> **Exercise aim**
Give back all of the data exactly, with every picture omitted.

> **Given entries**
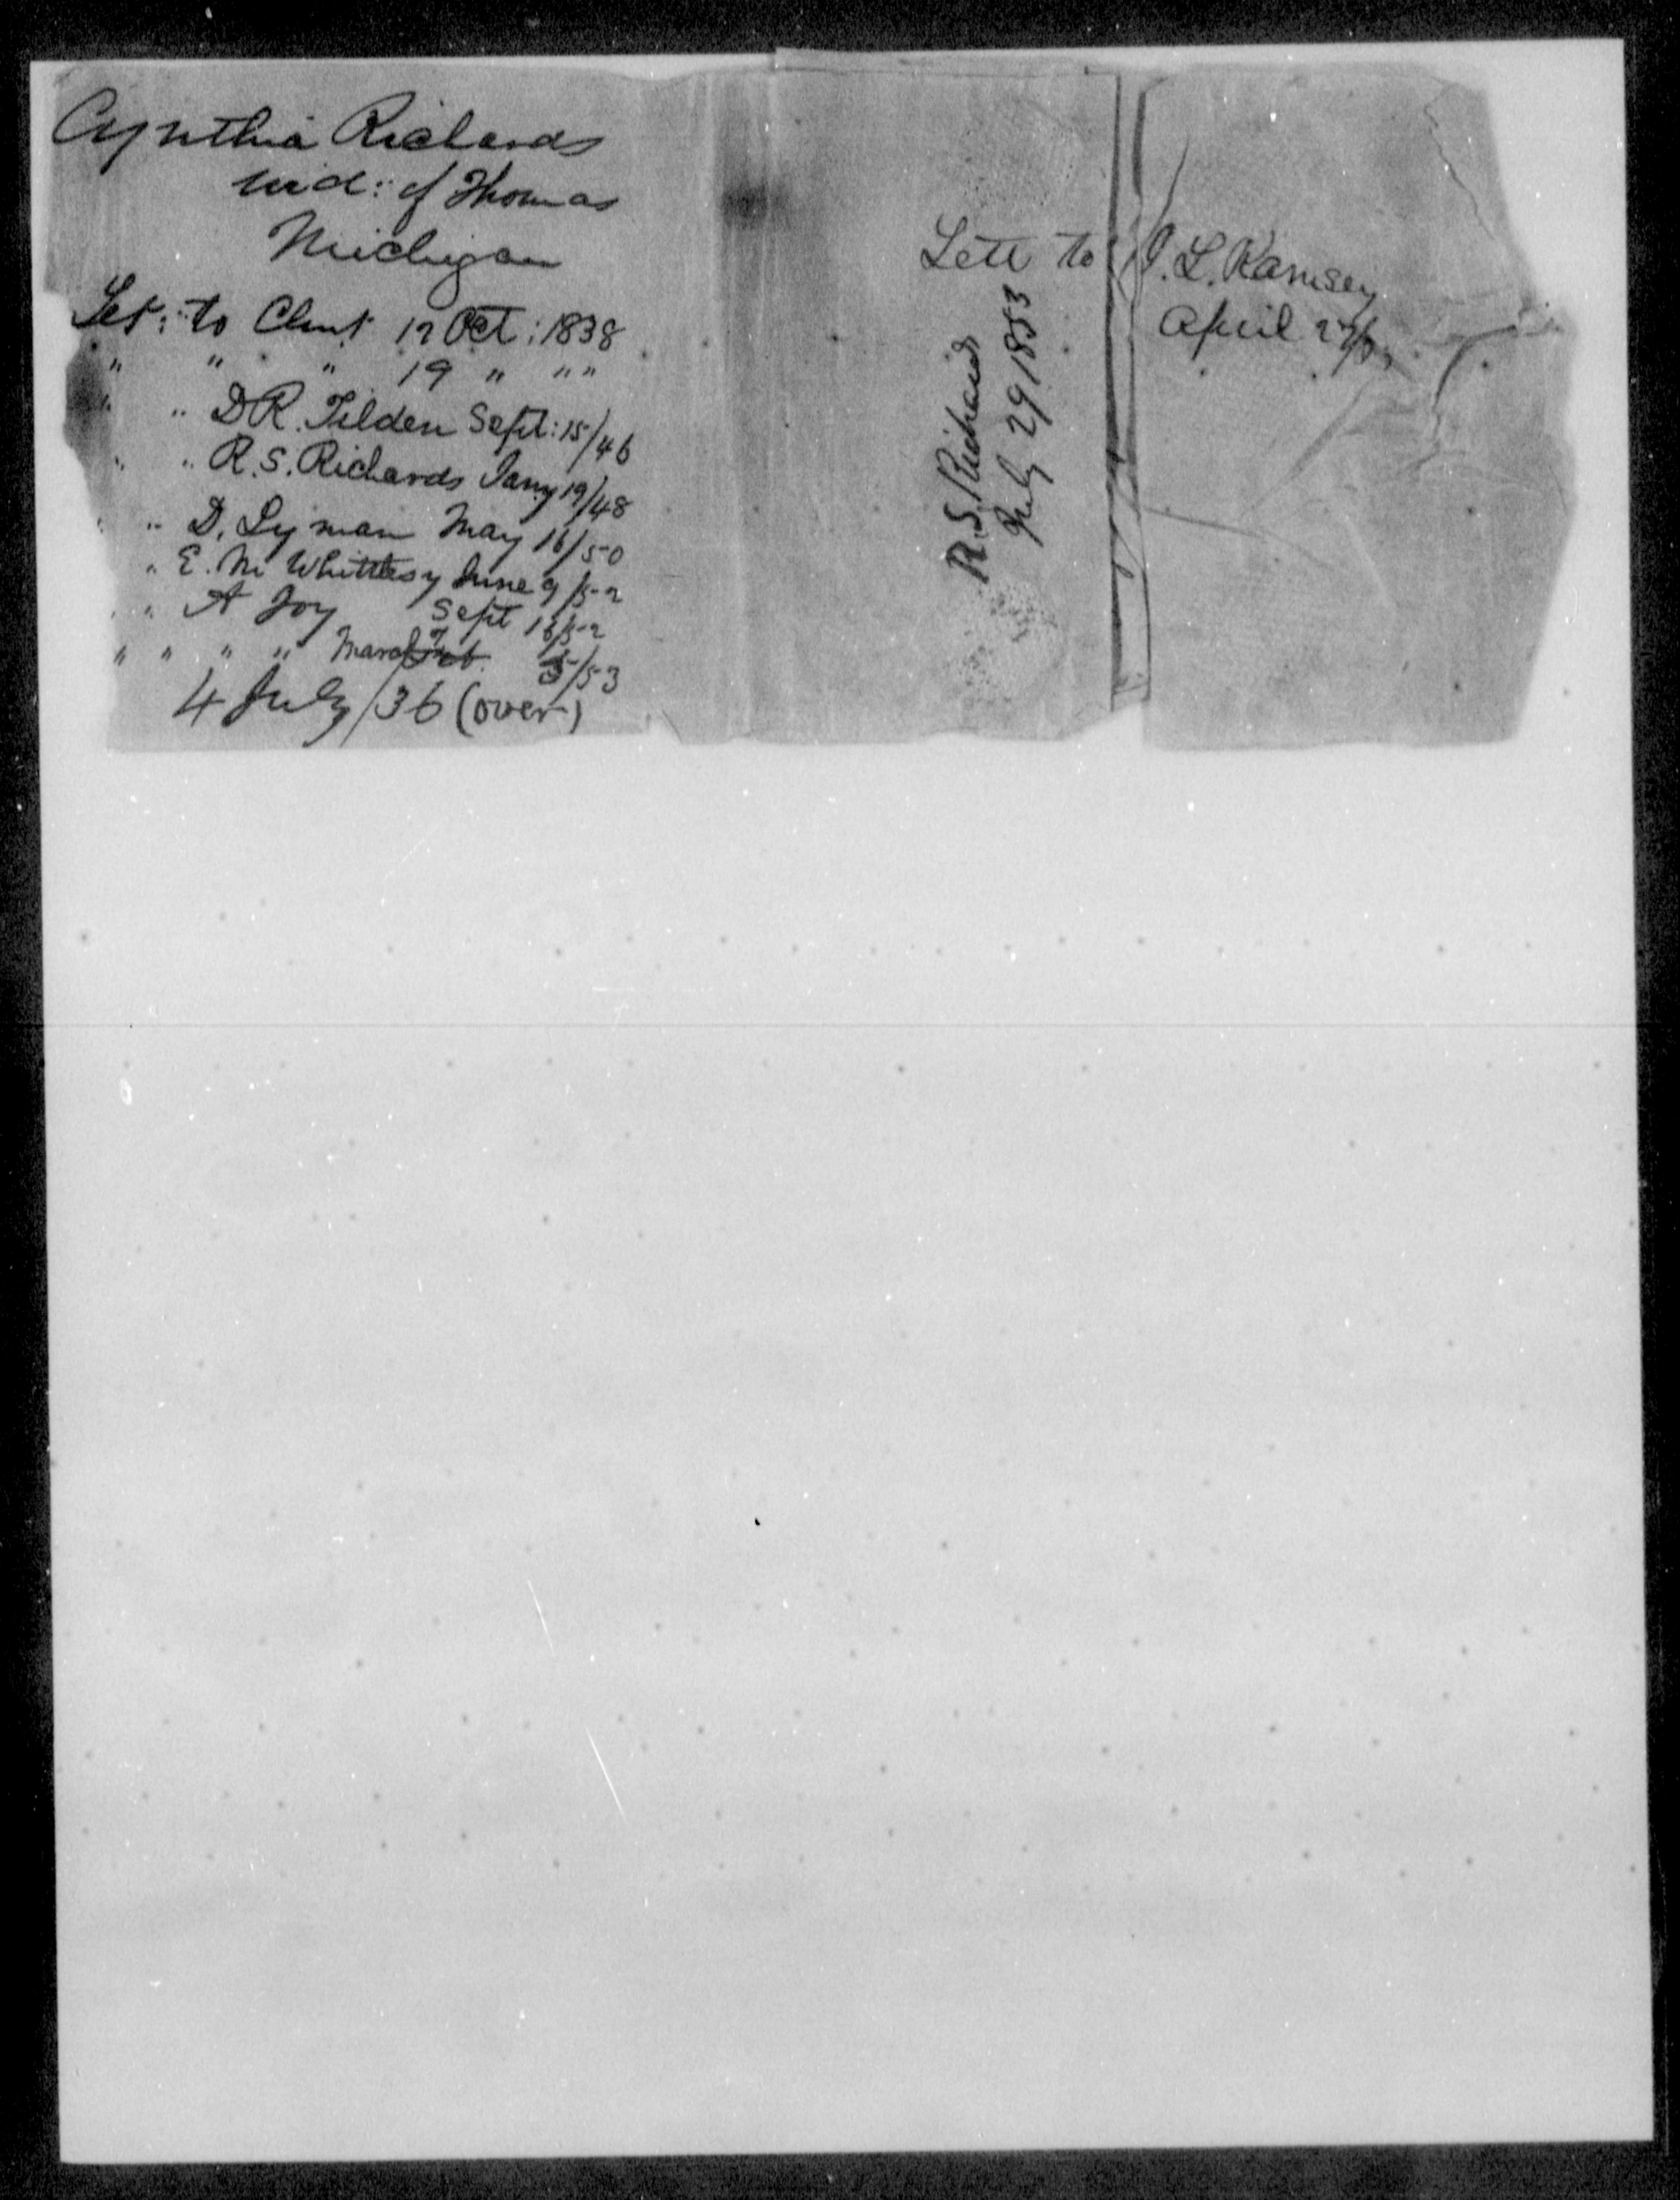Cynthia Richards wid: [WIDOW] of Thomas
Michigan
Let: [LETTER] to Client 17 Oct 1838
"                     "     "      19   "      " 
"      " D R. Tilden Sept: 15 [18]/46
"      " R. S. Richards Jany 19 [18]/48
"      " D. Lyman May 16 [18]/50
"      " E. M Whittlesy June 9 [18]/52
"      " A Joy Sept 16 [18]/52
"      "  "   "  March 5 [18]/53
4 July [18]/36 (over)

Lett to J.L. Ramsey April 27/[illegible]
R.S. Richards July 29 1853

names: Cynthia Richards; R S Richards; E M Whittlesy; J L Ramsey; D Lyman; D R Tilden; R S Richards; A Joy; Thomas Richards; [BLANK] Clint
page: 47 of 109
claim: widow's
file: W. 5709, for Thomas Richards, New Hampshire

> **Written answer**
Cynthia Richards wid: [WIDOW] of Thomas
Michigan
Let: [LETTER] to Client 17 Oct 1838
"                     "     "      19   "      " 
"      " D R. Tilden Sept: 15 [18]/46
"      " R. S. Richards Jany 19 [18]/48
"      " D. Lyman May 16 [18]/50
"      " E. M Whittlesy June 9 [18]/52
"      " A Joy Sept 16 [18]/52
"      "  "   "  March 5 [18]/53
4 July [18]/36 (over)

Lett to J.L. Ramsey April 27/[illegible]
R.S. Richards July 29 1853

names: Cynthia Richards; R S Richards; E M Whittlesy; J L Ramsey; D Lyman; D R Tilden; R S Richards; A Joy; Thomas Richards; [BLANK] Clint
page: 47 of 109
claim: widow's
file: W. 5709, for Thomas Richards, New Hampshire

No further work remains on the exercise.